Afterpay has recorded a huge blowout in its half-year losses after a surge in bad debts and other operating costs failed to offset a big increase in the group’s revenue.
Short take: This has been the story pretty much everywhere in BNPL land for the last 6 months to a year. The BNPL companies argue that the losses are due more to aggressive growth tactics than they are to the inherent quality of the asset class. Skeptics of BNPL, of which there are many, argue the opposite. I’m beginning to side with the skeptics. Coming out of the pandemic-fueled boom times, BNPL (as a lending asset) hasn’t been holding up great.
3.) ‘Orb Operator’ is apparently a real job.
Worldcoin promised to jump-start the global crypto revolution with an audacious plan: to give out digital money to all 7.9 billion people on Earth. To spread its crypto gospel across the planet, Worldcoin recruited a corps of “Orb operators” whose job it was to scan people’s irises — in order, they said, to keep people from claiming their payment multiple times.

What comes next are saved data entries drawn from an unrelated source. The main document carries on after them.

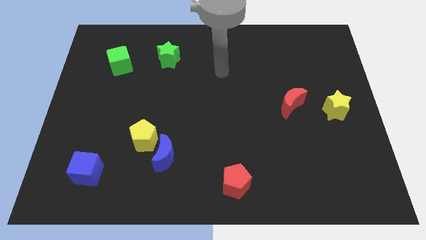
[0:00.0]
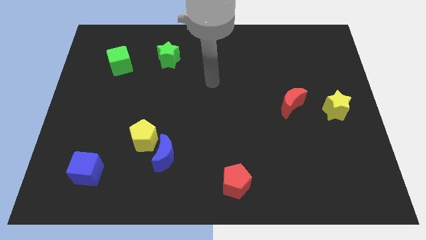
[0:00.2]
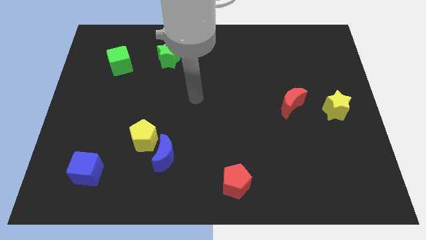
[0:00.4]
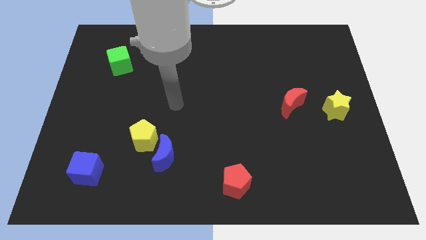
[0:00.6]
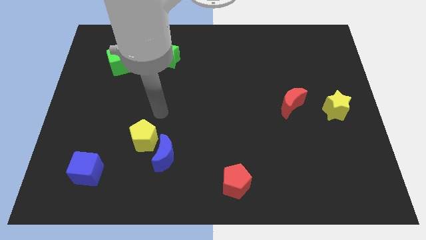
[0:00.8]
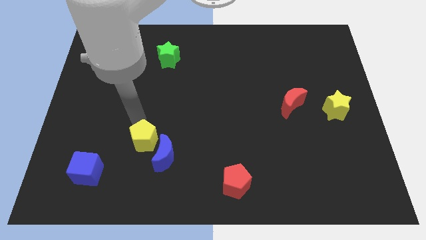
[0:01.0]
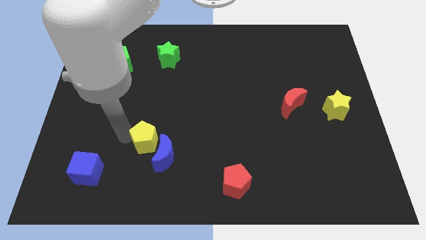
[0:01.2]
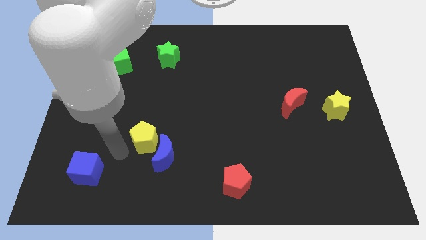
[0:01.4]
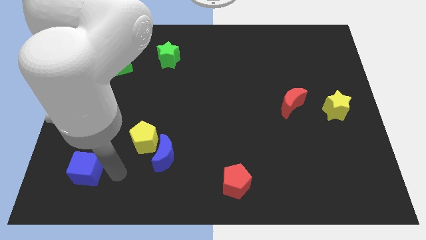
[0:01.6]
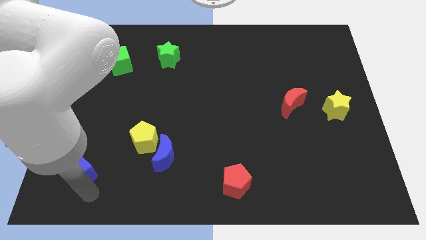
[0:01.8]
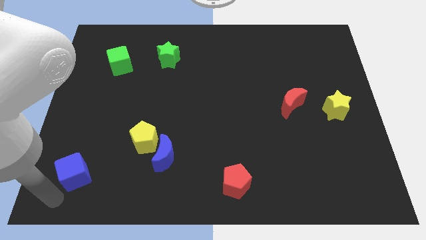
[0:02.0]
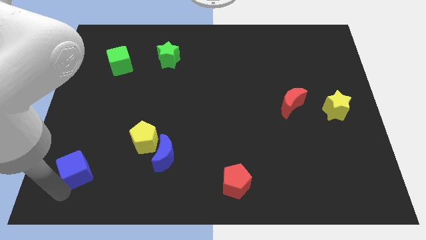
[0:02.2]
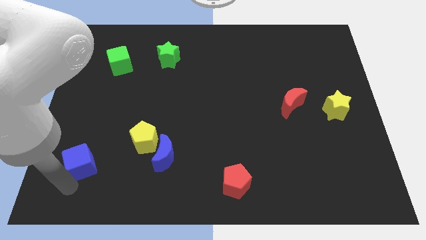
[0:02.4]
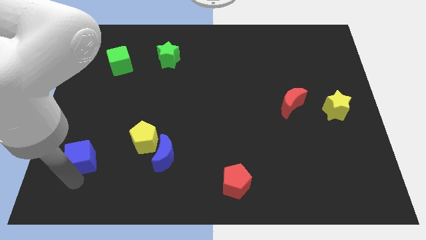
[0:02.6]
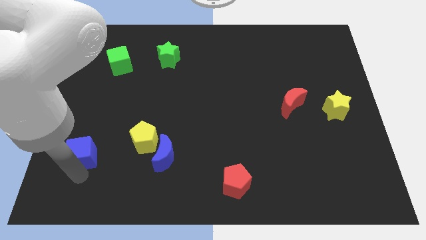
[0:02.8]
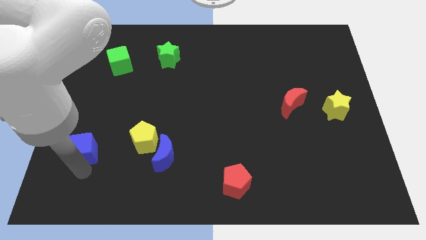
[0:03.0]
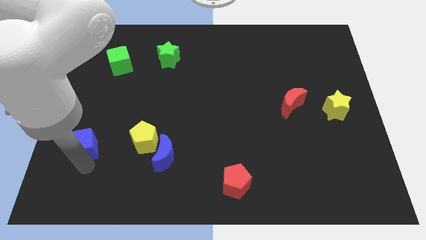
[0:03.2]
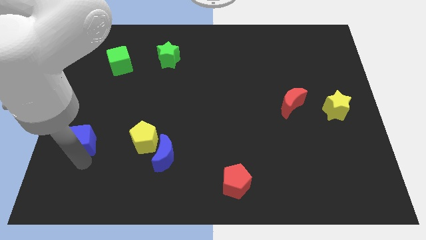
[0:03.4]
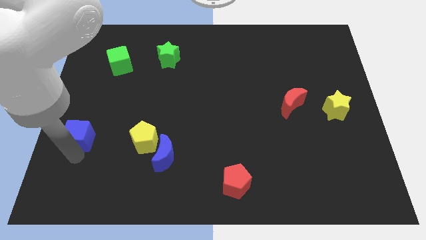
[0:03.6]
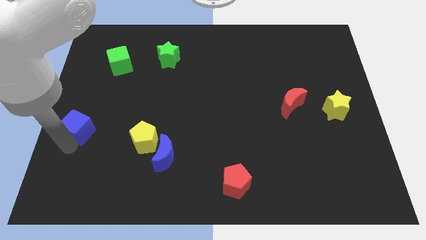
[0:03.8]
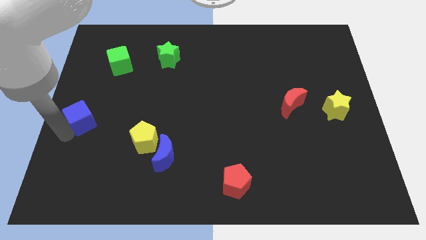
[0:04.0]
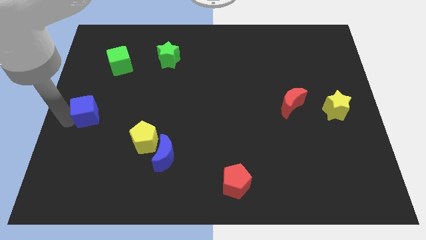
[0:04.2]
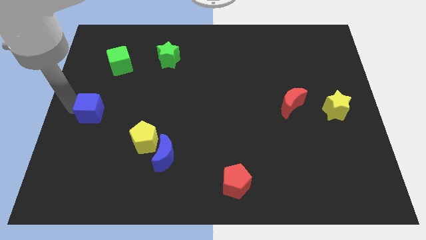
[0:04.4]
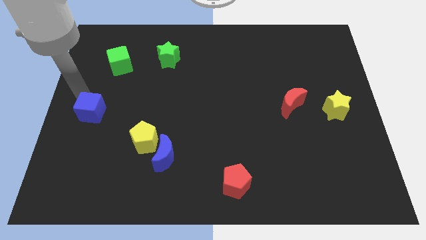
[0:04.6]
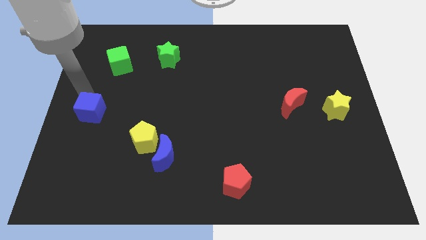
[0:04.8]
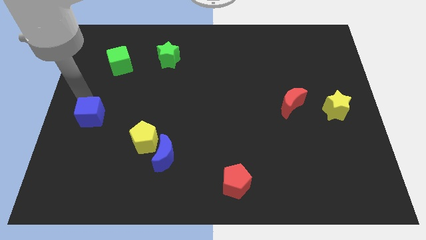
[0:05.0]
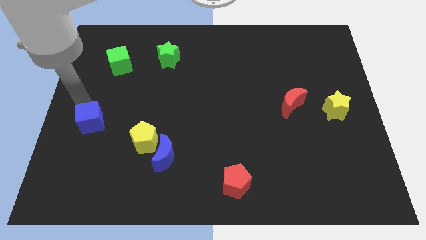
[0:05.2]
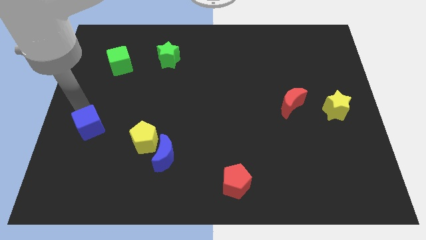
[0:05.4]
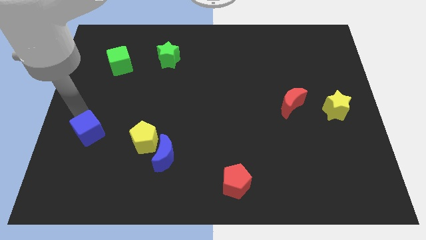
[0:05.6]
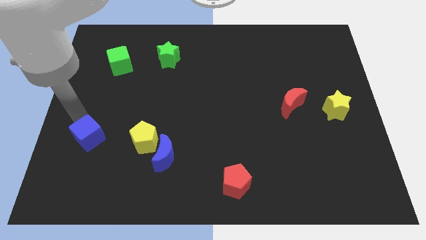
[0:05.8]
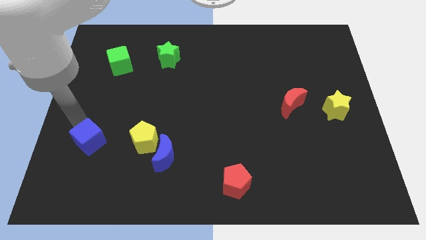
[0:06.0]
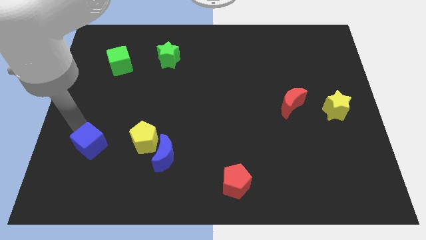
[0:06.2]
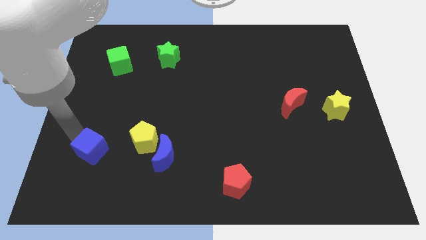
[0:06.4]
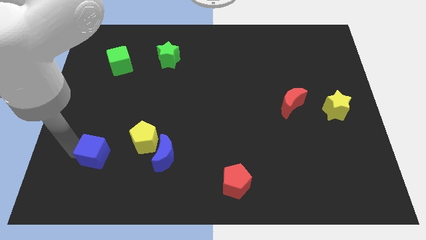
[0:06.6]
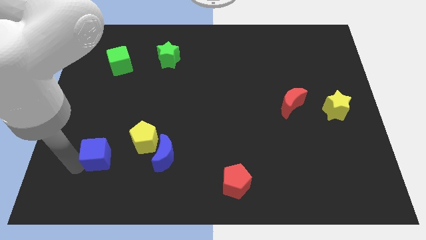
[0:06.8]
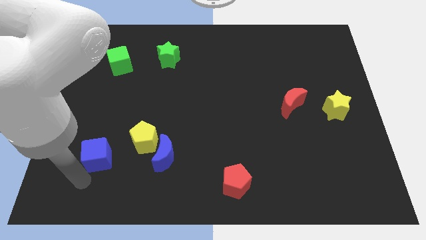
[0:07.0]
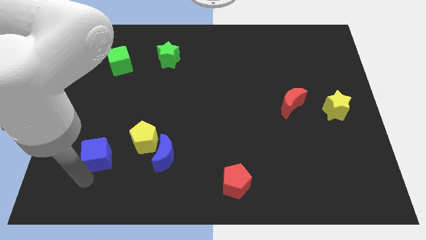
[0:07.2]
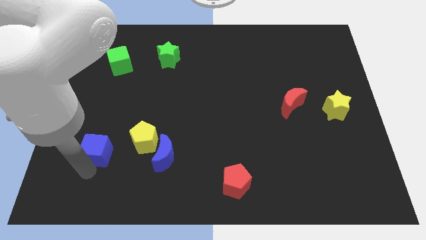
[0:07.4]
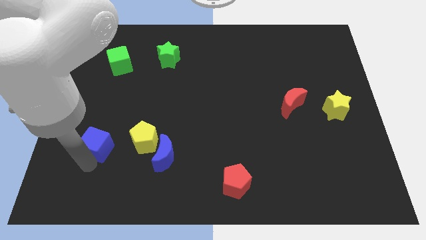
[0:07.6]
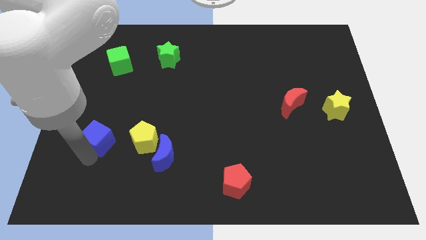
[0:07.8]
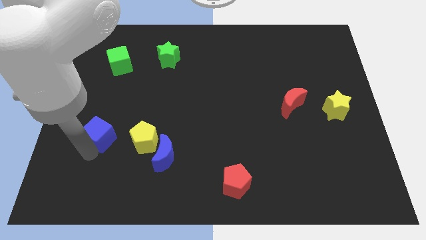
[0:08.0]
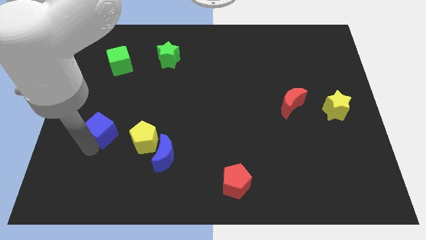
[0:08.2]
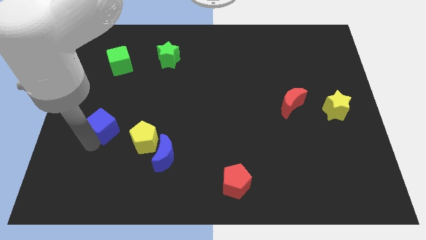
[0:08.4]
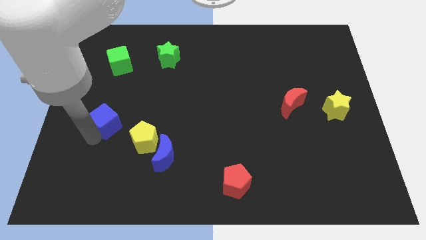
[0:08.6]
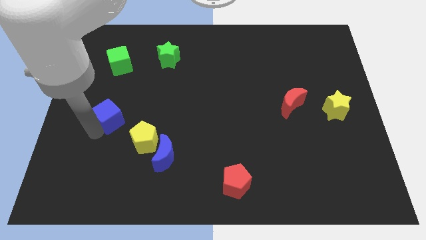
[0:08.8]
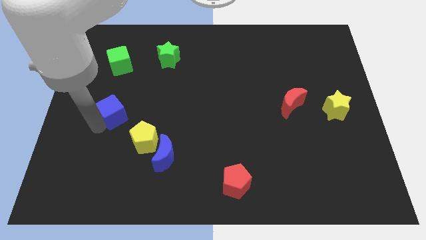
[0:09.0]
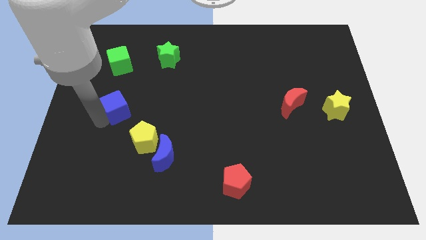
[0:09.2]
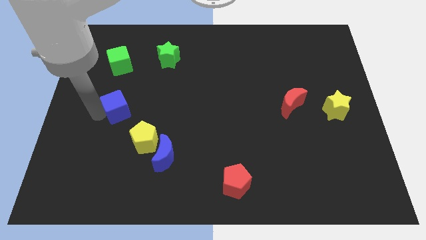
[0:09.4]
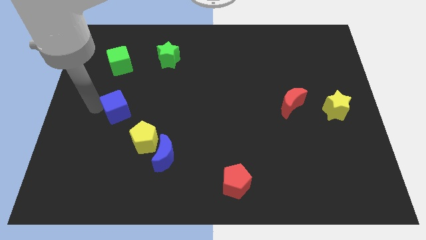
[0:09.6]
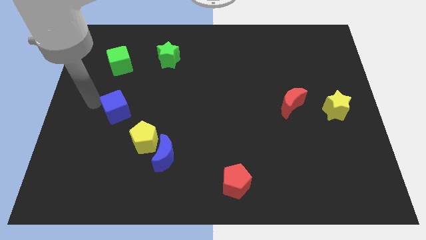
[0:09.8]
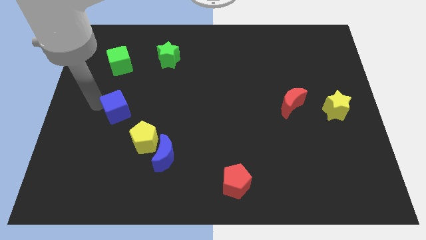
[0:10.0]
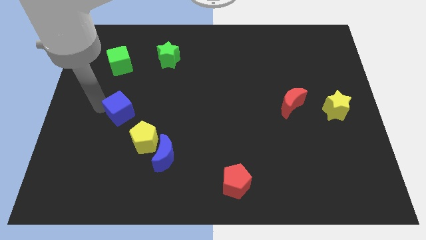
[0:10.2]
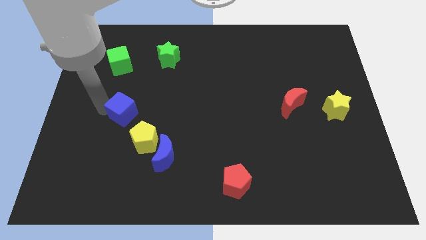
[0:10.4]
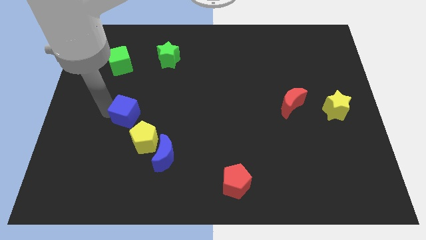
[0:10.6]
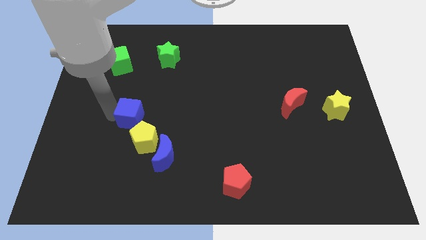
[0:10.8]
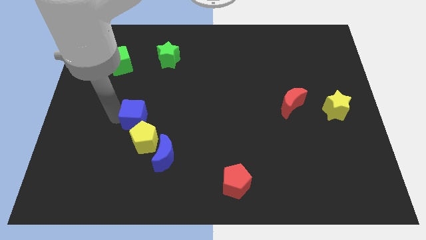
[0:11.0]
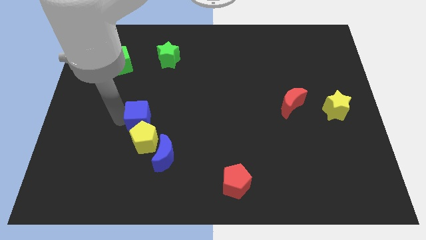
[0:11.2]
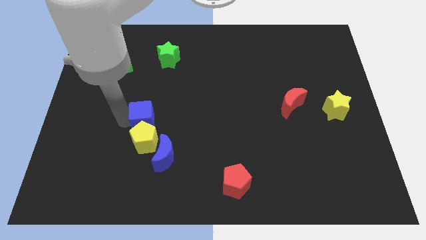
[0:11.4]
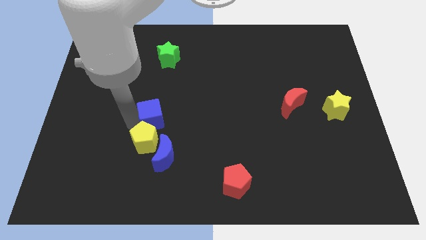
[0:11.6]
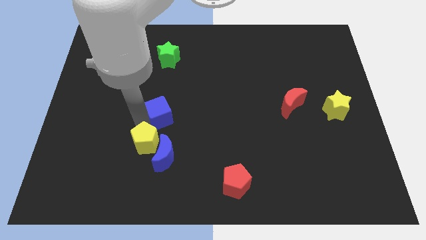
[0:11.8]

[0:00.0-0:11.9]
push the blue cube upwards and to the right

Short take: Just promise me you’ll read this story and then go to all of the young people in your life (kids, younger siblings, nieces and nephews, whoever) and make them promise you that they’ll never become orb operators.
🎵 On the Road Again 🎵
Busy season for fintech nerds. Lots of travel, which means lots of humming Willy Nelson to myself while standing in line at airports.

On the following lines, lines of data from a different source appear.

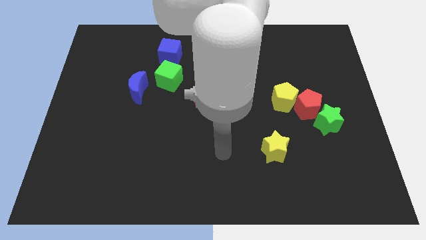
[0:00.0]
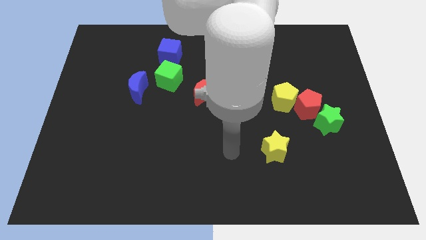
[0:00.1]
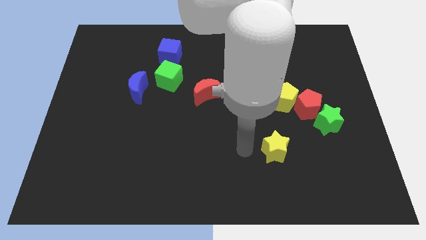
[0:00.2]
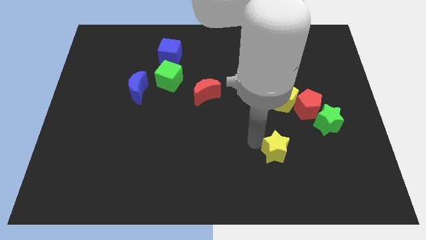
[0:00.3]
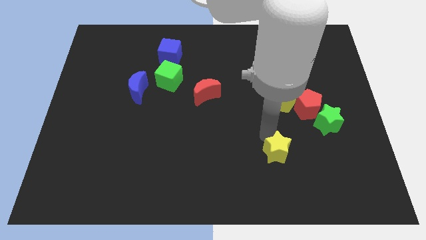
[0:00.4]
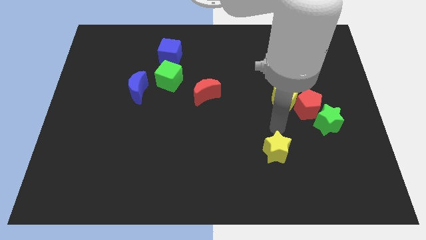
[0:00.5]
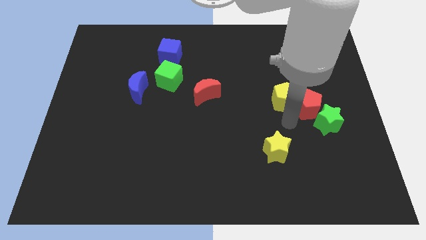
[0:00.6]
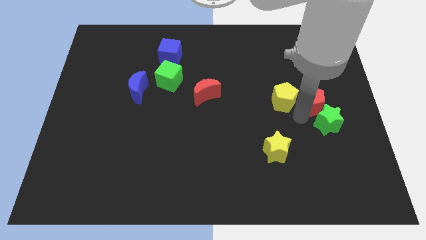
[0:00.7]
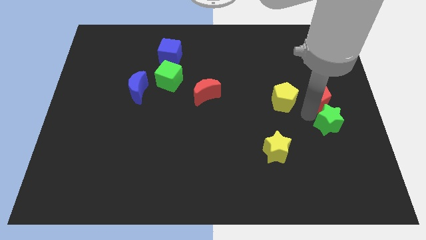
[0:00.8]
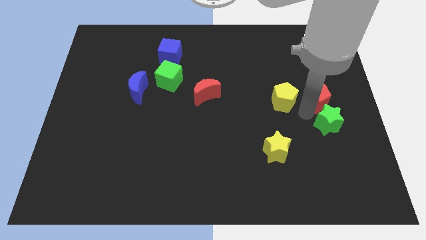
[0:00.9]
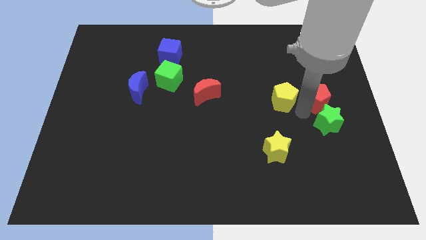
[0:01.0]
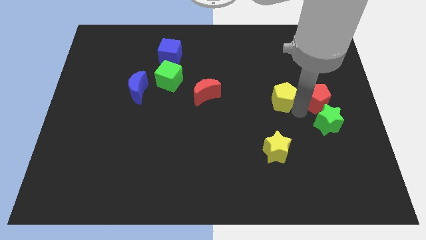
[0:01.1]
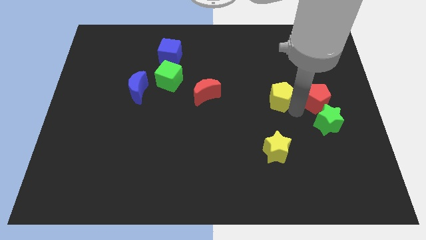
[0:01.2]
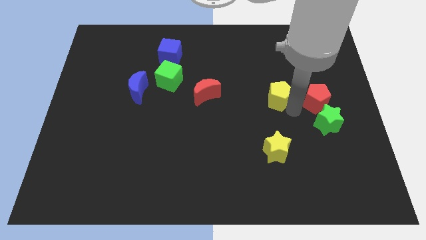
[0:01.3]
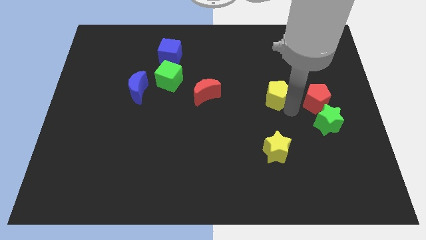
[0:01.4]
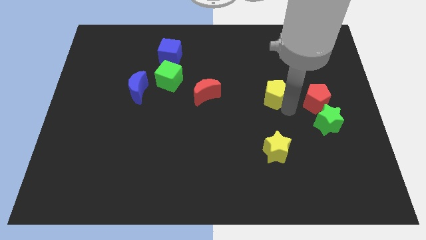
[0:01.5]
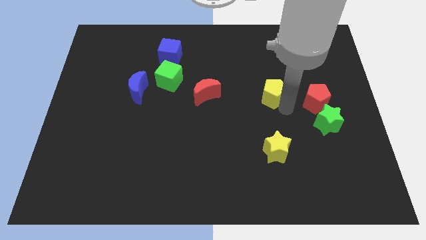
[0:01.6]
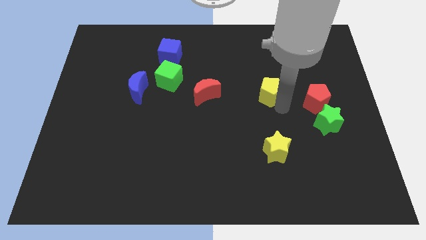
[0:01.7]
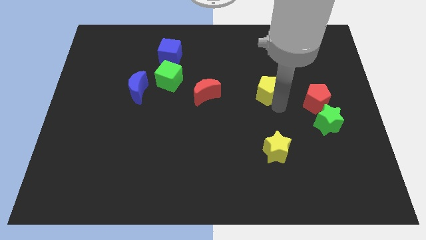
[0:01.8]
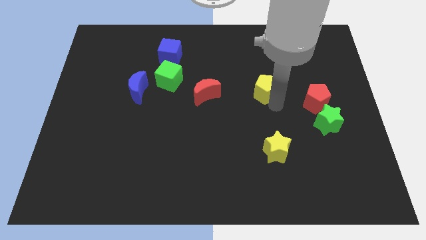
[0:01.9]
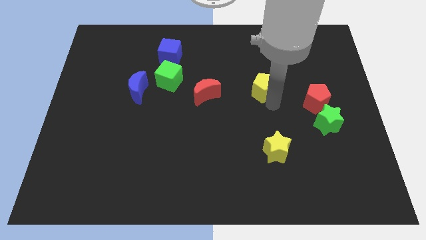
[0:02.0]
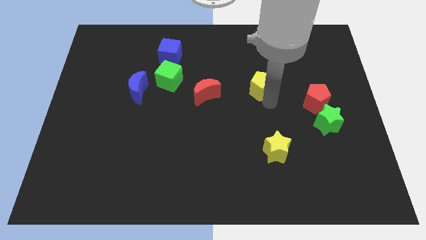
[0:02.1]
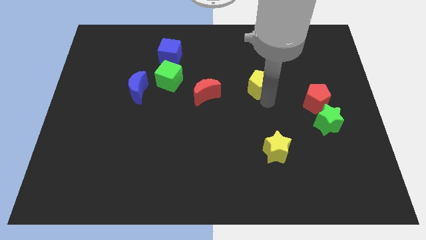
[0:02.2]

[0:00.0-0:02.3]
slightly push the yellow pentagon upwards and to the left diagonally

New York Fintech Week is next week and I will be there. I am thrilled to be co-presenting with Jason Mikula (of Fintech Business Weekly) on the future of consumer lending. If you’ll be around, make sure to stop by and say hi!
It’s worth delineating Facebook from the rest of FAANG. Apple and Google have launched successful payments products. Amazon has too, although it has never seemed as focused on it. Netflix has never tried. Facebook has tried and failed many times.
All of this data can be found in Cornerstone Advisors’ annual What’s Going on in Banking? report, which you should absolutely be reading, if you’re not already.
One of the main reasons that it didn’t work is that the ‘hardware + integrated ecosystem of services’ approach was less valuable in China, where consumers are already heavily reliant on the ecosystems provided by Alibaba and Tencent.
One way we know this is true — Google pays Apple something like $15 billion a year to not develop its own proprietary search engine for Safari.
The modern source of this anxiety might be this 1994 Bill Gates quote — “banking is necessary, banks are not”.
Kindly ignore the 2014 acquisition of Beats Electronics for $3 billion. That’s the exception that proves the rule.